Summary and Analysis Part 5: Jean Valjean: Book III, Chapters 10-12, Book IV

 

Summary

Night has fallen when the cab reaches its destination. The house is asleep. Javert knocks and has Marius' body, as he imagines it to be, transported upstairs. While M. Gillenormand's servants go for the doctor and prepare bandages, Javert leaves unobtrusively, accompanied by Valjean. In the cab, Valjean risks one more request. He asks for permission to see Cosette. This request, too, is quietly granted.

When they arrive at the Rue de l'Homme Armé, Javert dismisses the cab. The procedure is a little unusual, but Valjean assumes that he is to be taken on foot to the police station. Unusual too is Javert's discretion in allowing his prisoner to see Cosette alone. On the landing, Valjean, weakening at the prospect of a heart-wrenching tête-à-tête, stops for a minute and distractedly looks out of the window. The lamplight reveals a deserted street.

At M. Gillenormand's, a camp bed is set up for Marius at the doctor's orders. A careful examination reveals no fatal wound. Marius is not out of danger, however. His loss of blood has exhausted him, his collarbone is fractured, his head has been injured by sword cuts, and he may have a skull fracture. The doctor, feverishly working to stop the bleeding, looks pessimistic.

In spite of all efforts to keep the news from him, M. Gillenormand is awakened by the commotion and appears, ghost-like in his white nightgown. When he sees his grandson, apparently dead, he is overcome by an immense grief that quickly rises to a paroxysm of despair. In his hysteria, he accuses Marius of having got himself killed in revenge. Then he turns his wrath on the liberals and babbles reminiscences of Marius' golden childhood, followed by murmured laments on Marius' wasted life and his own lonely old age. At this moment, Marius slowly opens his eyes and M. Gillenormand faints.

Javert slowly walks away from Valjean's house. For the first time in his life, he is in the throes of indecision. As he meditates painfully, he reaches the Seine and leans on the parapet, absentmindedly contemplating its swirling waters. To arrest Jean Valjean is personal ingratitude, but to let him go is an inconceivable breach of duty. A more introspective man might be able to solve the dilemma, but Javert, a mental automaton governed by rigid principles, has always avoided thinking. Now, however, a new, unprecedented, unacceptable idea is forcing its way into his consciousness. There is a higher law than the judicial apparatus. A man can be an outlaw and still be virtuous. Valjean must be respected, not only for his latest act of generosity, but for all the good he did as M. Madeleine. Javert is entering a new moral universe; his narrow, uncomplicated world is crumbling. He is "an owl forced to gaze with the eye of an eagle."

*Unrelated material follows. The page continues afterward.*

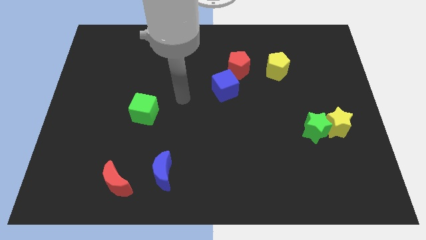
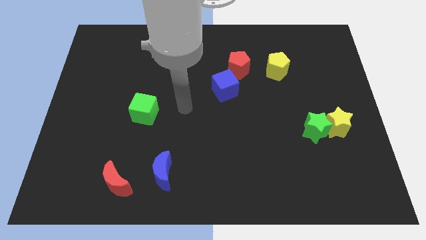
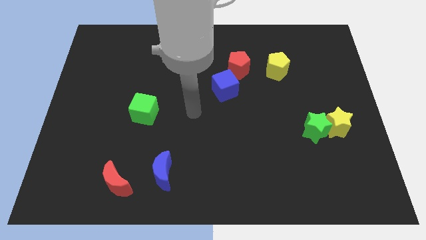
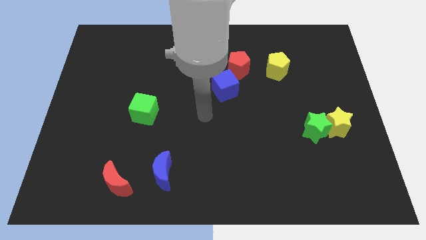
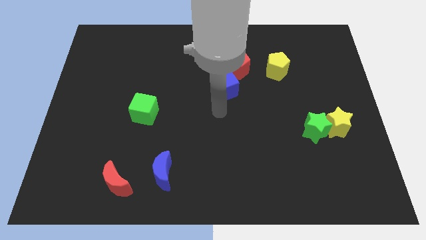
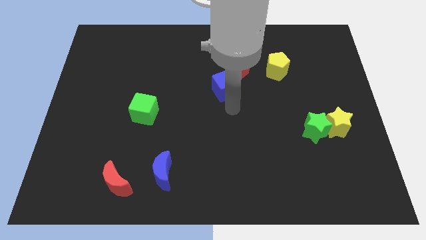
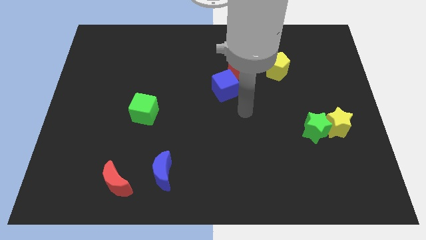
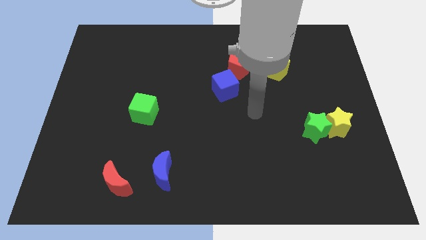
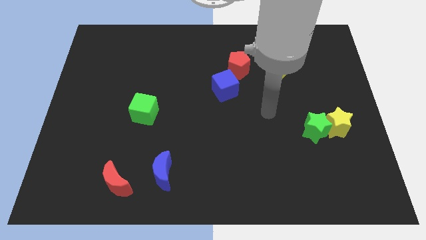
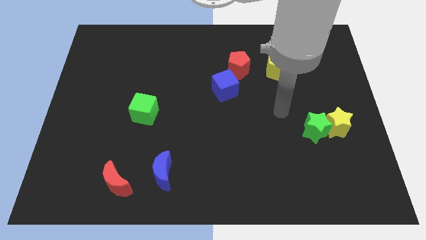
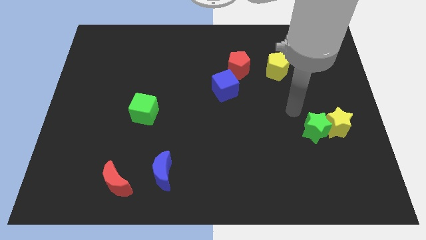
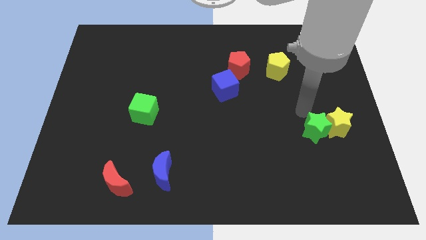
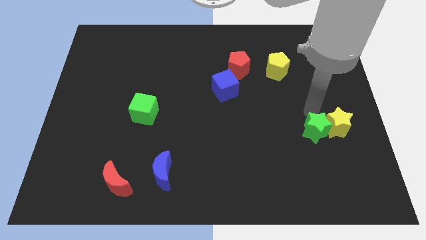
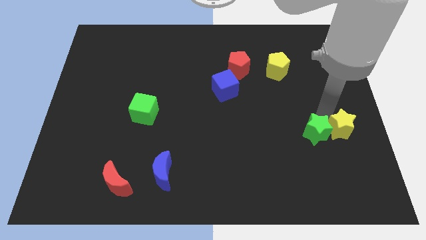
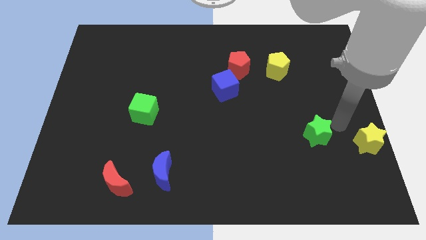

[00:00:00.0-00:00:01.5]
move the green star away from the yellow star

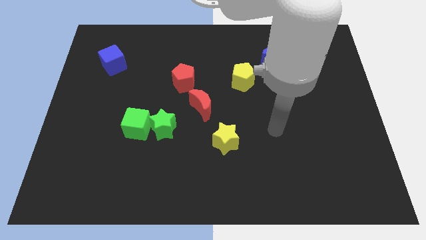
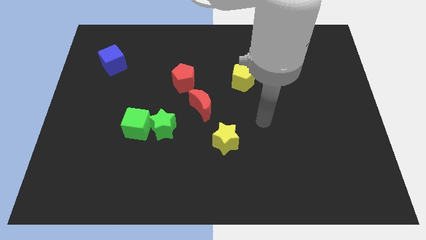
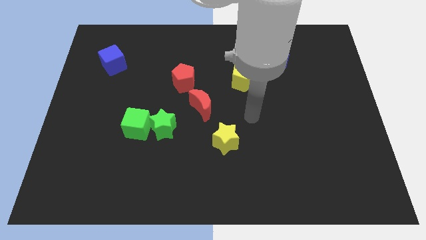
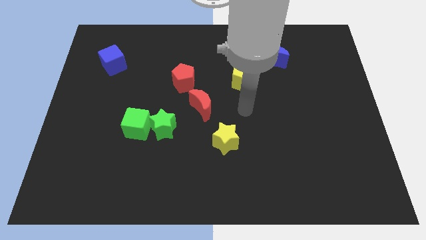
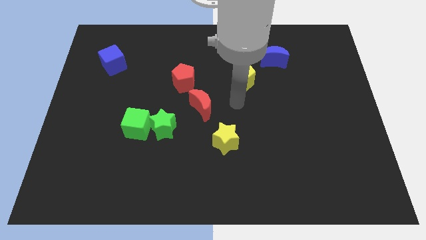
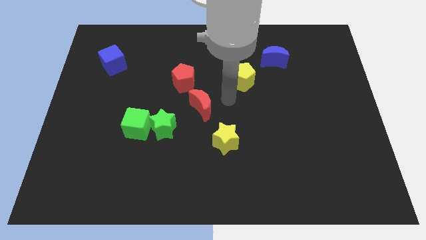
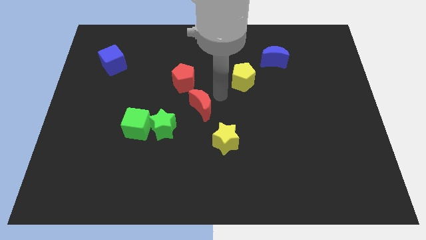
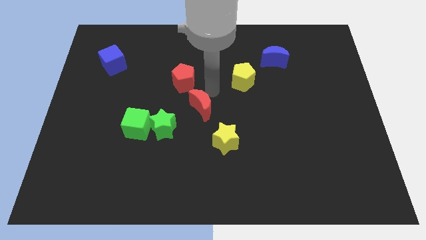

But Javert's myopia is incurable. He cannot reject the values of a lifetime and survive. He cannot reconcile himself to his own act. For him, the freeing of Valjean is a clear violation of the law, hence inexcusable. Incapable of executing what he considers his duty, Javert must find some other way of making peace with his intransigent conscience. At last he sees a way. Firmly he enters a nearby police station, takes some writing material, and addresses to the prefect various recommendations for the improvement of the police administration. Then he returns to his previous position at the Seine parapet. The night is pitch black. The streets are deserted. The river is invisible and only betrays itself by the sound of its rushing whirlpools. Javert contemplates for an instant the precipice, takes off his hat, climbs the parapet, and disappears into the gaping obscurity.

Analysis

Thénardier has given Valjean his physical freedom; Javert completes the task by giving him his legal freedom. Spiritually, Valjean has already freed himself and is now truly M. Leblanc: the "white" man, the man with no name, who belongs only to God. A single force has brought him out of the slough of ignorance and evil: the power of love. Love, first, for the bishop; then love of Cosette; and finally, as he shows on the barricades, love of mankind.

In contrast, Javert has always feared and mistrusted love. It twists things, changes things: it is not "in order." Lost, lonely bloodhound that he is, he feels safe only with what is tangible, organized, immutable; if he loves anything, it is the law that has always kept a warm place in a corner for him and told him exactly what to do next. Now, in a revelation like that on the road to Emmaus, he discovers that the law is not enough, that there is a more powerful force to which even the law must bow and which can make even him, Javert, go against his conscience. He sees the light of love, but it is too shattering for him to endure.

"Justice," of which Javert is a personification, says critic Georges Piroué, "cannot accept into its corpus the foreign body of contradiction;" only the divine justice based on charity can do this, and in fact constantly renews itself by so doing. The reign of justice must be destroyed before the reign of charity can begin, and Javert must die so that Jean Valjean may live. His death, however, is not so much a defeat as a transformation. By loving Javert, Valjean has destroyed him, but he has saved him too; and divine justice will reward Javert's crime against human justice.